Before this unlikely partnership was formed, Coskata was a small and relatively obscure biotech company founded in 2006, working to improve clostridia strains from the University of Oklahoma to more efficiently ferment ethanol from synthesis gas. GM’s partnership with Coskata, which was announced at the 2008 North American International Auto Show in January, has brought this unknown company into the public spotlight.
GM could have partnered with any second-generation ethanol technology conversion company it wanted to, says Wes Bolsen, Coskata’s chief marketing officer and vice president of business development. Bolsen joined Coskata in early 2007, only weeks before the company began talks with GM. He came from ICM, where he worked as chief financial officer.

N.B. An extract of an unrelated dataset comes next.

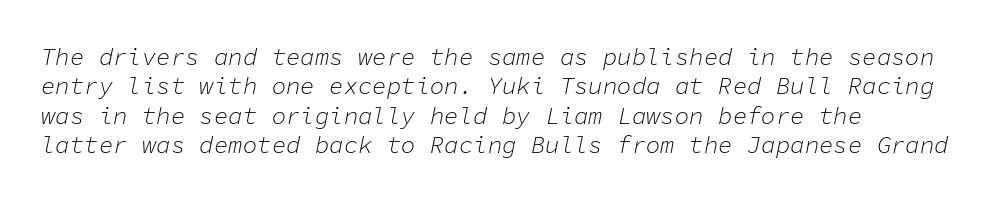
The image shows 24 px text type, italic (leaning right); set left-aligned, line spacing 1.22x, normal letter spacing, not underlined.
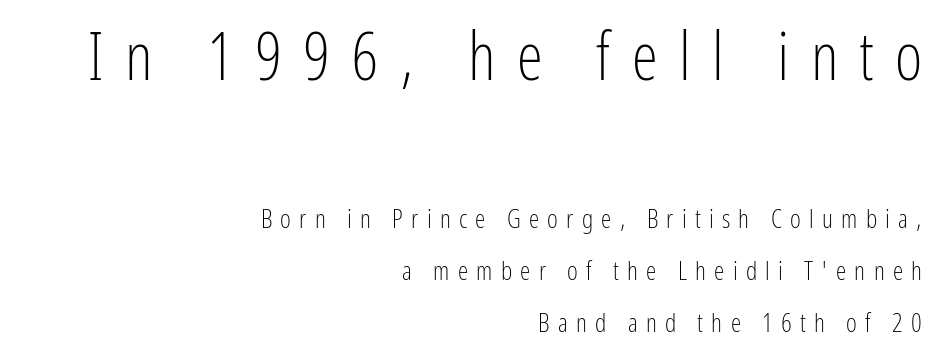
The image shows 66 px light, condensed sans-serif type, upright; set right-aligned, loose line spacing (1.99x), unusually wide letter spacing (+0.32 em), not underlined; the first (top) block is 2.54x larger; low stroke contrast and a medium x-height.
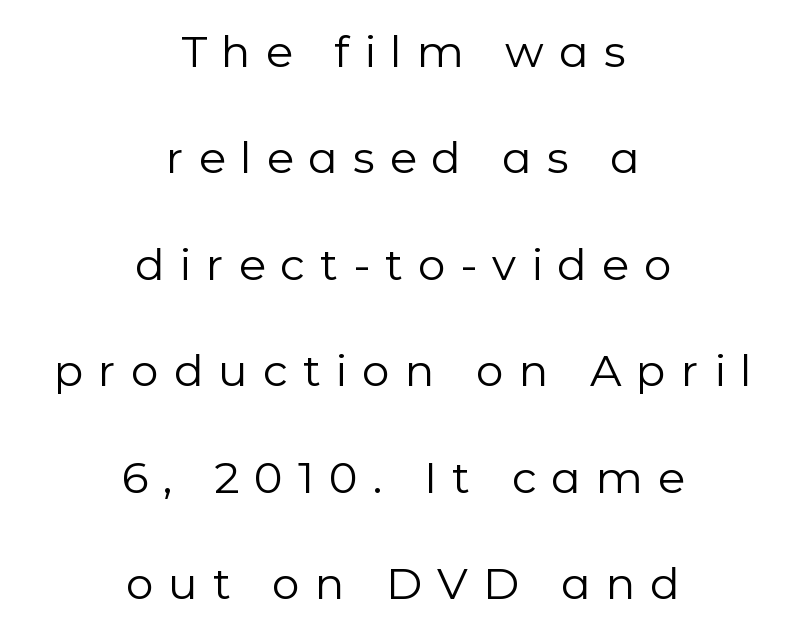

ICM has subsequently become Coskata’s partner in process design and commercialization.
Bolsen says he approached GM after a foreign automaker expressed serious interest in Coskata’s second-generation ethanol technology. “I reached out to my contacts at GM with this in mind and asked, ‘Would you be interested in talking with us?’” Bolsen explains. “Well, it turned out to be an eight-month venture. We waited until the final days before the auto show to work out the details of the many millions of dollars [GM was] putting in.” He couldn’t disclose the final amount but says GM chose Coskata after looking at the best available conversion technologies in the world. “[GM] saw that our plans aren’t based on inventions that are needed or something we can do in the future,” Bolsten says. “It’s now. It’s like, ‘Oh. All you need to do is build a plant? Holy cow.’”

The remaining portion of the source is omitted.